ECLI:NL:CRVB:2010:BO6301

Centrale Raad van Beroep

Datum uitspraak
1 december 2010
Publicatiedatum
5 april 2013
Zaaknummer
10/505 WW
Instantie
Centrale Raad van Beroep
Type
Uitspraak
Rechtsgebied
Bestuursrecht; Socialezekerheidsrecht
Procedures
  • Hoger beroep
Vindplaatsen
  • Rechtspraak.nl
AI samenvatting door LexboostAutomatisch gegenereerd

Afwijzing aanvraag om overneming van betalingsverplichtingen van werkgever op grond van de Werkloosheidswet

In deze zaak heeft de Centrale Raad van Beroep op 1 december 2010 uitspraak gedaan in het hoger beroep van appellant tegen de uitspraak van de rechtbank ’s-Hertogenbosch. Appellant had een aanvraag ingediend voor overneming van de betalingsverplichtingen van zijn voormalige werkgever op grond van hoofdstuk IV van de Werkloosheidswet (WW). De rechtbank had het beroep van appellant ongegrond verklaard, omdat hij onvoldoende bewijs had geleverd dat zijn werkgever in een blijvende toestand van betalingsonmacht verkeerde.
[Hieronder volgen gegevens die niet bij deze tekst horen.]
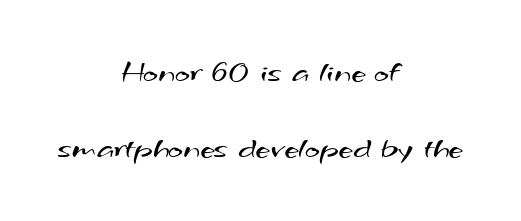
The image shows 32 px regular-weight, wide sans-serif type; set centered, loose line spacing (2.38x), normal letter spacing, not underlined; medium stroke contrast and a small x-height.

Appellant, vertegenwoordigd door zijn gemachtigde, heeft in hoger beroep betoogd dat hij alles heeft gedaan om de werkgever tot betaling te bewegen, inclusief het starten van een bodemprocedure. Het Uwv heeft echter gesteld dat het enkele starten van een bodemprocedure niet voldoende is om betalingsonmacht aan te tonen. De Raad heeft vastgesteld dat appellant geen stukken heeft overgelegd die wijzen op betalingsonmacht van de werkgever.

De Raad heeft verder opgemerkt dat de werkgever vestigingen heeft in de Verenigde Staten en Frankrijk, maar er was geen bewijs van faillissement of surséance van betaling. De Raad concludeert dat appellant niet heeft voldaan aan de voorwaarden voor toepassing van hoofdstuk IV van de WW. Het hoger beroep is dan ook afgewezen en de aangevallen uitspraak is bevestigd.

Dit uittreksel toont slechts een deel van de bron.